Generators of Product Rep: t_{a}^{R_1 \otimes R_2}

[sgd37]

Homework Statement

Write the generators of the product of representation t_{a}^{R_1 \otimes R_2} in terms of t_{a}^{R_1}, t_{a}^{R_2}

Homework Equations

[t_{a}^{R_i} , t_{b}^{R_i}] = i f_{abc} t_{c}^{R_i}

I don't believe that the BCH formula is relevant here since that relates elements within the same representation

The Attempt at a Solution

 

[fzero]

You can figure this out by considering the tensor product of representations as vector spaces. Suppose that \text{dim}~R_1 = n, \text{dim}~R_2 = m. Then an element of R_1 is an n vector (a_1, \cdots a_n)^T, while an element of R_2 is (b_1, \cdots b_m)^T. To form an element of the product R_1\otimes R_2, we construct an nm dimensional vector by replacing each b_i by a vector in R_1. You can determine a basis of generators on R_1\otimes R_2 by figuring out how you have to combine the generators on each space to form something that acts properly on the R_1\otimes R_2 vectors constructed above.

 

[sgd37]

well i guess my main hangup is whether the two sets of generators commute, if they do its quite clear that they add

 

[fzero]

well i guess my main hangup is whether the two sets of generators commute, if they do its quite clear that they add

I'm not sure what you mean here. It doesn't make sense to do ordinary multiplication or addition of matrices of different dimensions.

 

[sgd37]

That is right (an aside what is the difference between a direct product and a tensor product). So then is it just t_{a}^{R_1} \otimes t_{a}^{R_2} = t_{a}^{R_1 \otimes R_2} it might have the right index structure to transform a V_{R_1} \otimes V_{R_2} tensor but I am unsure about the generator basis index 'a'

 

[fzero]

That is right (an aside what is the difference between a direct product and a tensor product). So then is it just t_{a}^{R_1} \otimes t_{a}^{R_2} = t_{a}^{R_1 \otimes R_2} it might have the right index structure to transform a V_{R_1} \otimes V_{R_2} tensor but I am unsure about the generator basis index 'a'

The direct product is the Cartesian product. Since this gives an m+n dimensional representation, it is the same as the direct sum of the representations. The tensor product takes the two vectors from R_1 and R_2 and forms a matrix V_{\mu\alpha} = v_\mu v_\alpha. The construction I gave above maps this matrix into an mn dimensional vector which is in a reducible representation of the algebra.

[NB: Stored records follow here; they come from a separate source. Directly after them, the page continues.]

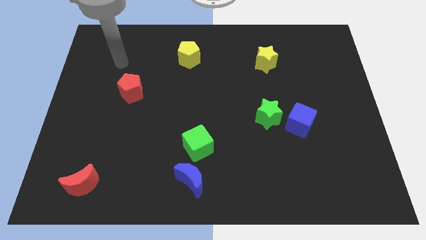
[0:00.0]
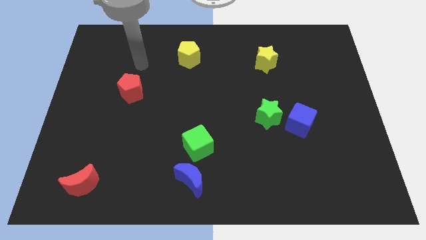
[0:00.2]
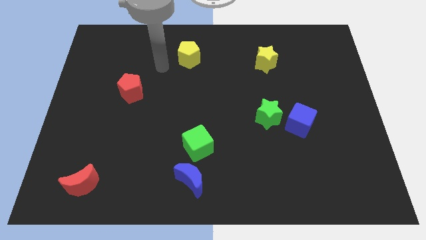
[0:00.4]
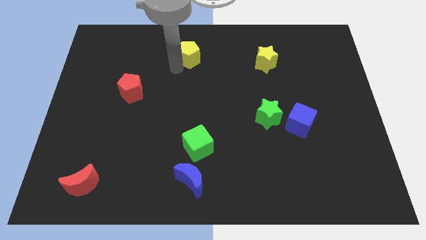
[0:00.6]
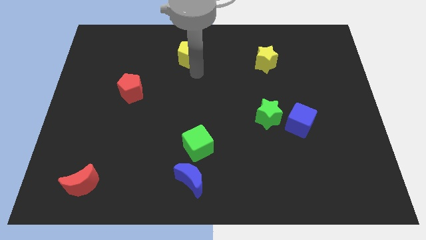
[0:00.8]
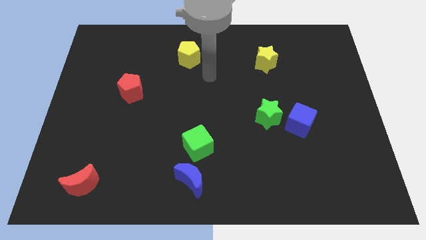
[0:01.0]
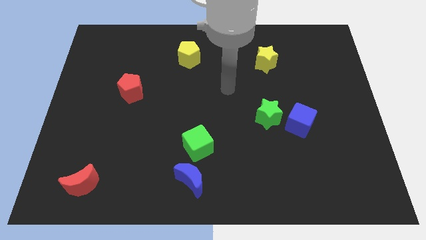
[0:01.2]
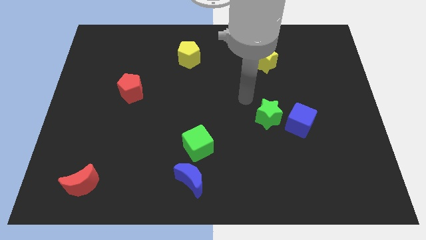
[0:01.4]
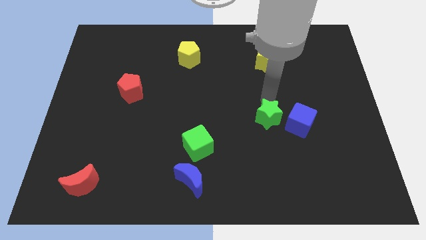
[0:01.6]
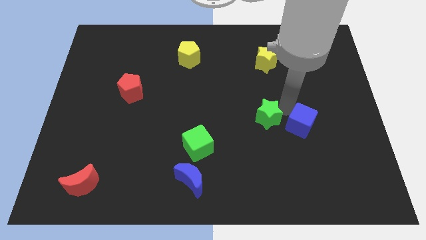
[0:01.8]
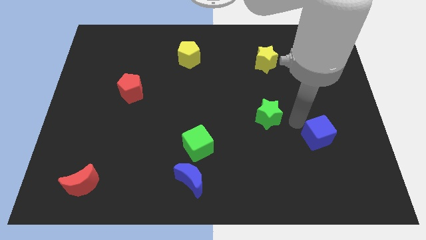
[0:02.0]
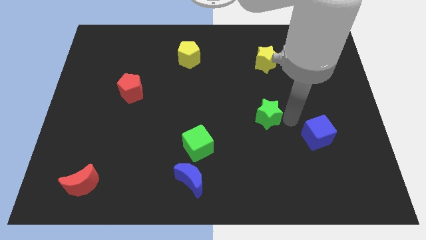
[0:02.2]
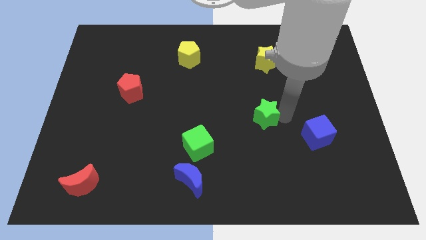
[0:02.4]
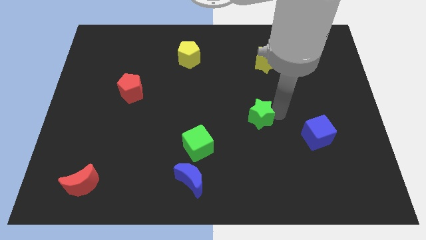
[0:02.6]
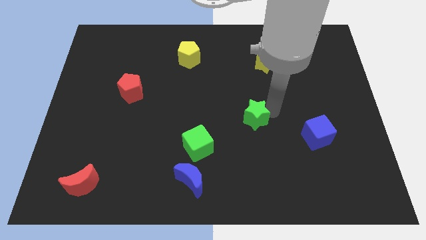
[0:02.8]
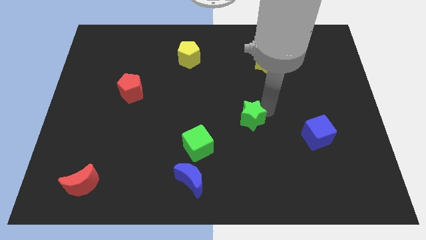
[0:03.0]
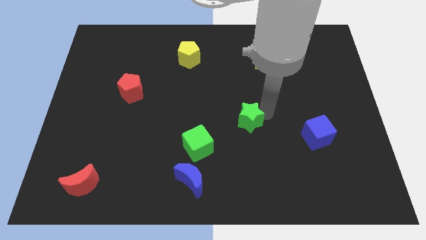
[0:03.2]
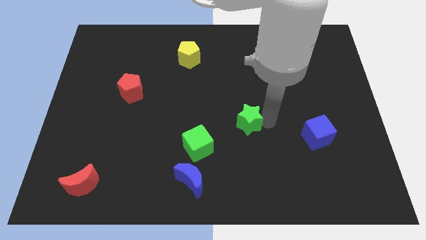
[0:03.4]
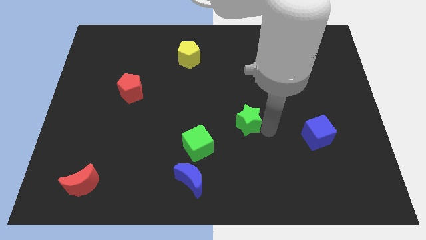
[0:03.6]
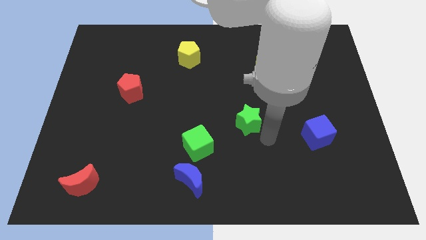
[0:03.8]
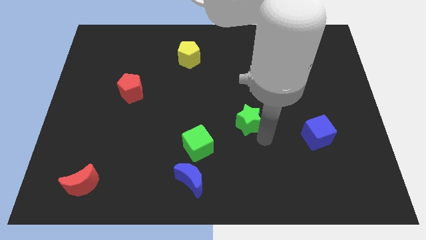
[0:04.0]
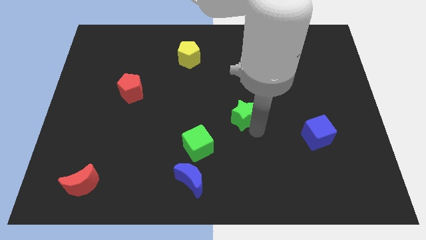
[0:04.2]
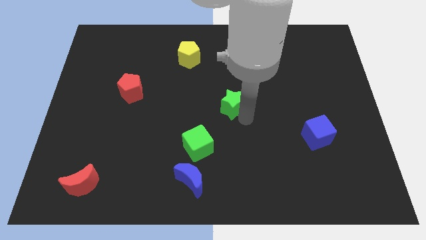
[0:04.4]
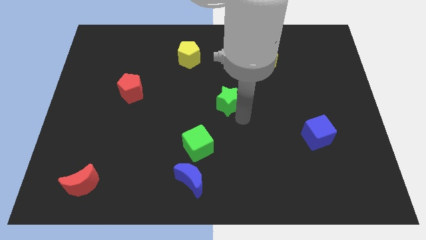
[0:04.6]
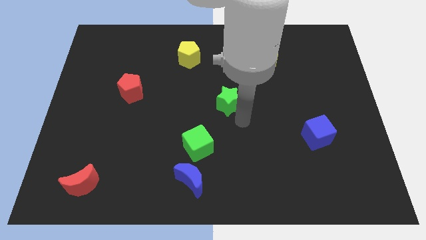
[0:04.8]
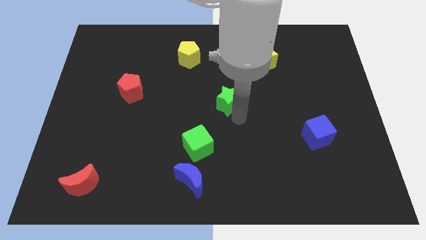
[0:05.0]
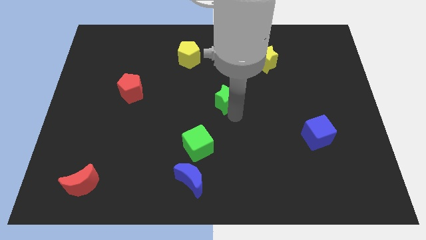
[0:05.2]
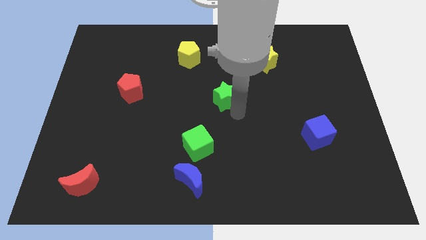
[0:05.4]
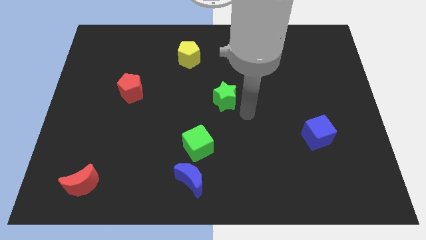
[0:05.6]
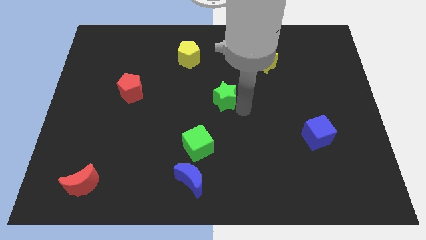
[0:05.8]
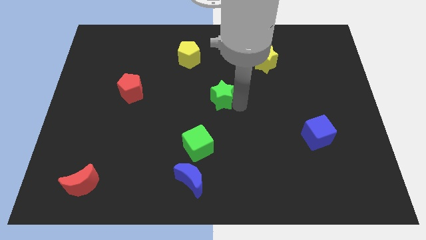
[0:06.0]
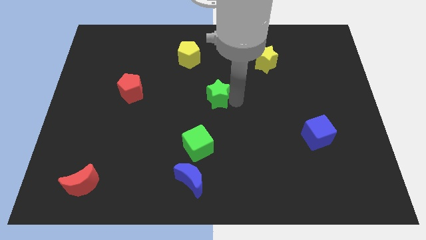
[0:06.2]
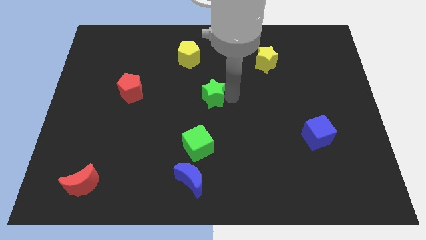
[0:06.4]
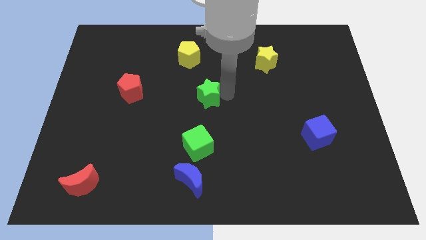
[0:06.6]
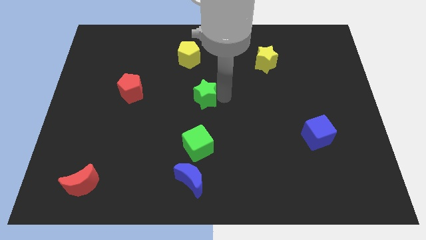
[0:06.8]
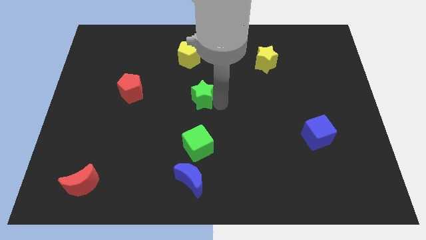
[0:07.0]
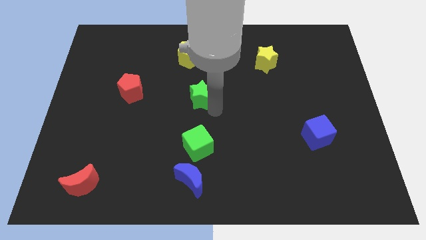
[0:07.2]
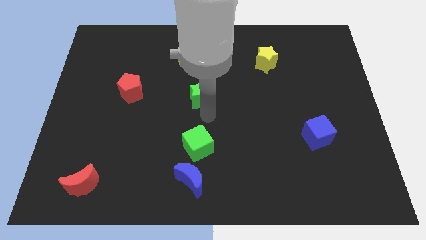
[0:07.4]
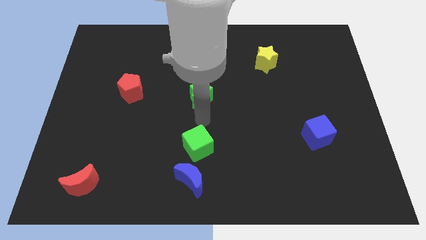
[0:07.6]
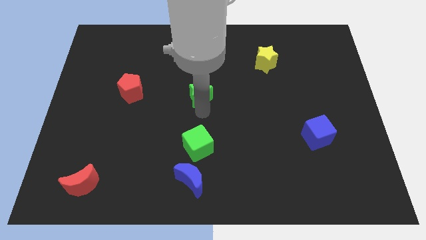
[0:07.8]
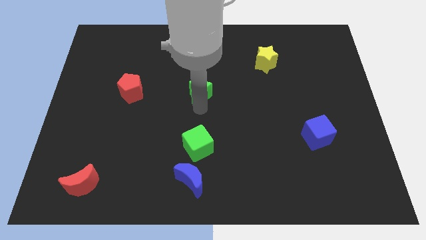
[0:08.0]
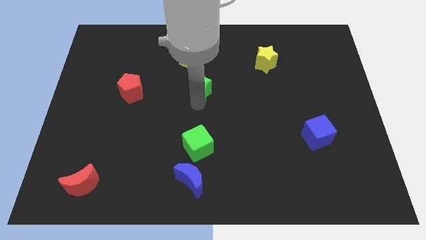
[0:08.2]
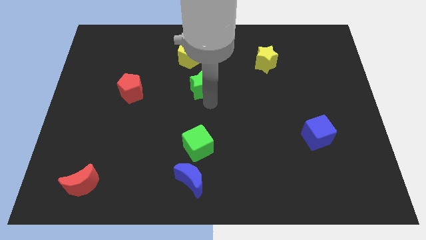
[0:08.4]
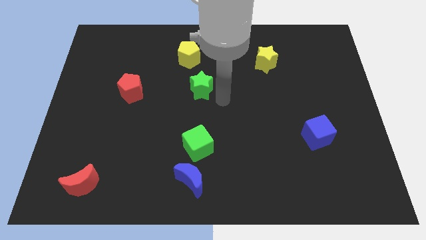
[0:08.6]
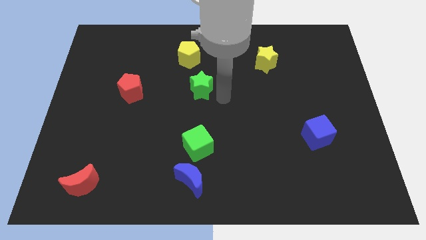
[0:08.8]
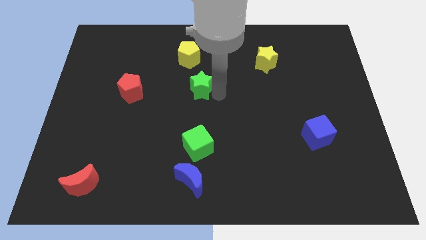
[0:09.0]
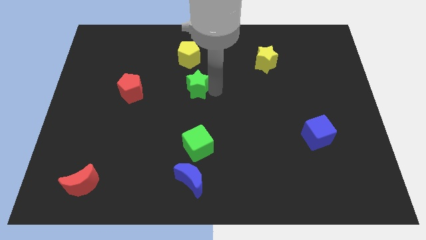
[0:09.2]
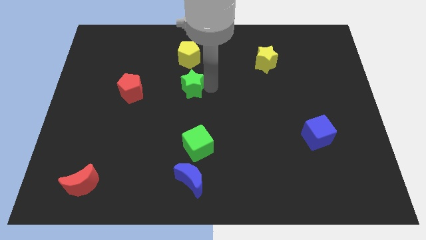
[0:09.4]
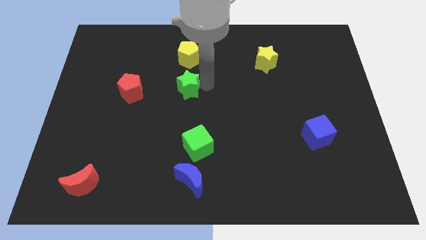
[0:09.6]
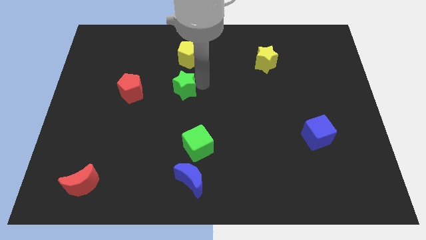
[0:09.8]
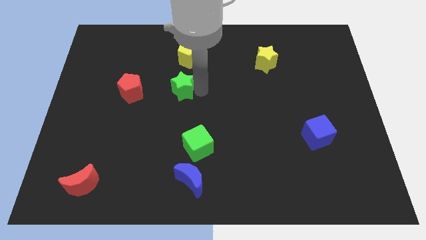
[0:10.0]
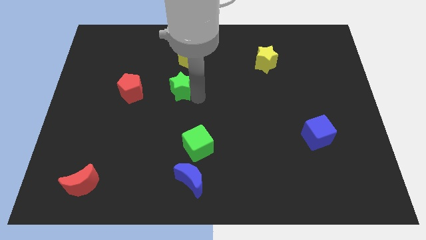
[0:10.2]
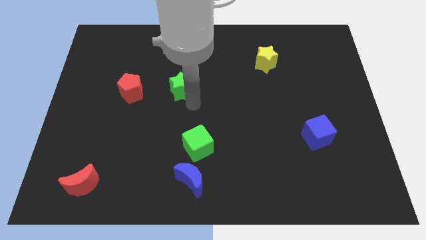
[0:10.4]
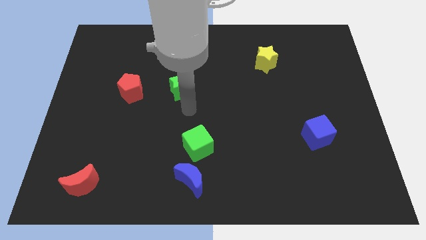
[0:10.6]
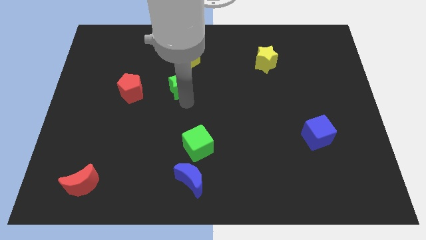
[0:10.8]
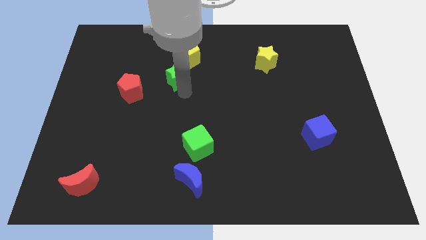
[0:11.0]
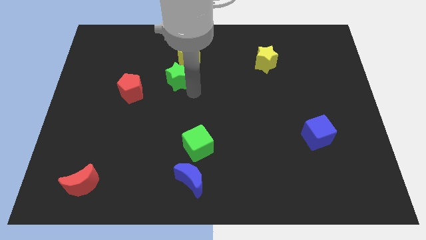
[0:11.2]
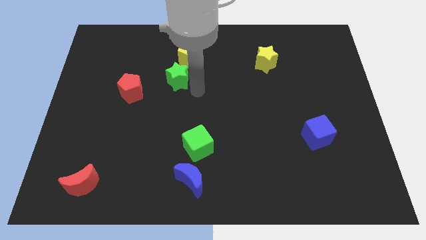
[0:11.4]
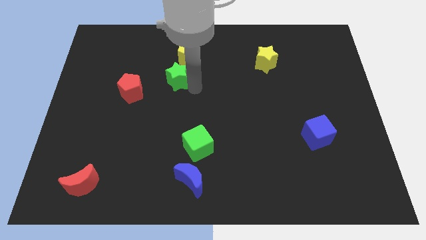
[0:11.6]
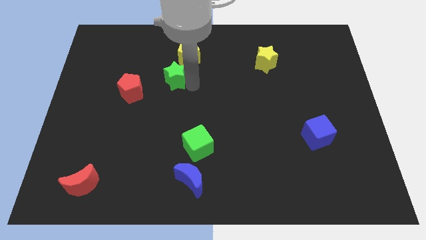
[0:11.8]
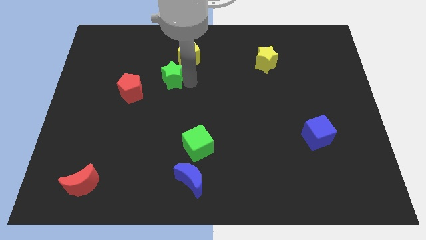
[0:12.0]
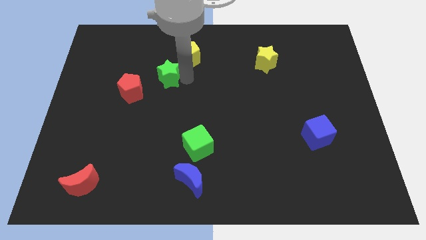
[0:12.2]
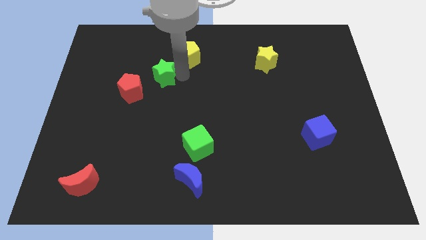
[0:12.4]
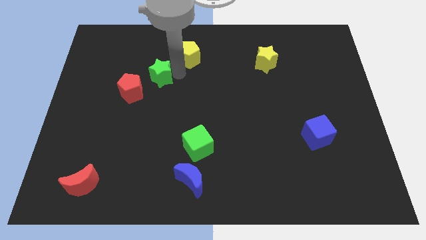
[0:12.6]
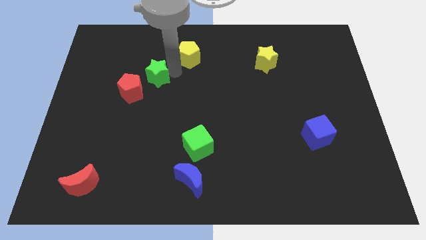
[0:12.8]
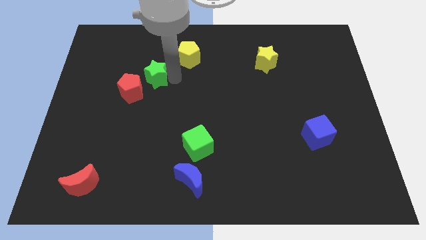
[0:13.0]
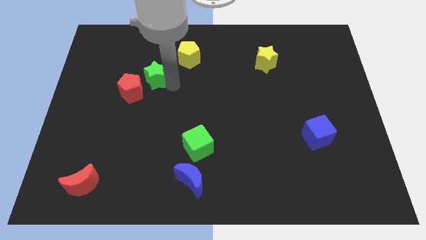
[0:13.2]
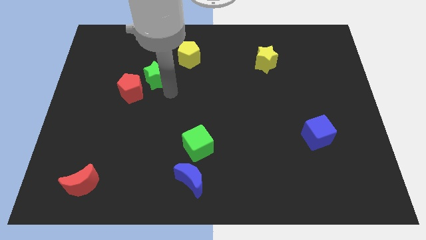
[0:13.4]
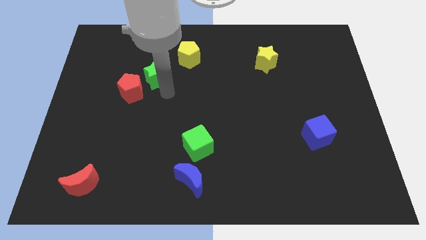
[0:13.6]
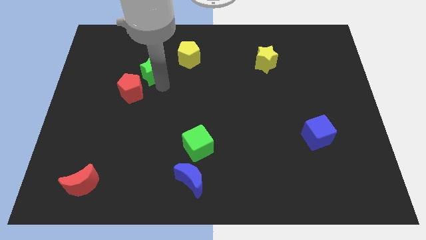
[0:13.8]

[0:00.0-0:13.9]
push the green star above the red pentagon

The generators that act on V_{\mu\alpha} can be written as

(t_a^{(1)})_{\mu\nu} (t_a^{(2)})_{\alpha\beta},~~\text{no sum on}~a,

where we use the indices in the representation spaces to show that this is a higher rank tensor. It's simplest to pair matching generators with the index a, but other choices should just correspond to a change of basis. Alternatively we can map these onto the mn representation to express the generators as ordinary matrices.

 

[sgd37]

cool thanks for conferring with me you've cleared some things up. But can I mix generators with different group index or am I restricted to like indices even if there is no sum

 

[fzero]

cool thanks for conferring with me you've cleared some things up. But can I mix generators with different group index or am I restricted to like indices even if there is no sum

A different choices of pairing correspond to different choices of basis elements for the representation.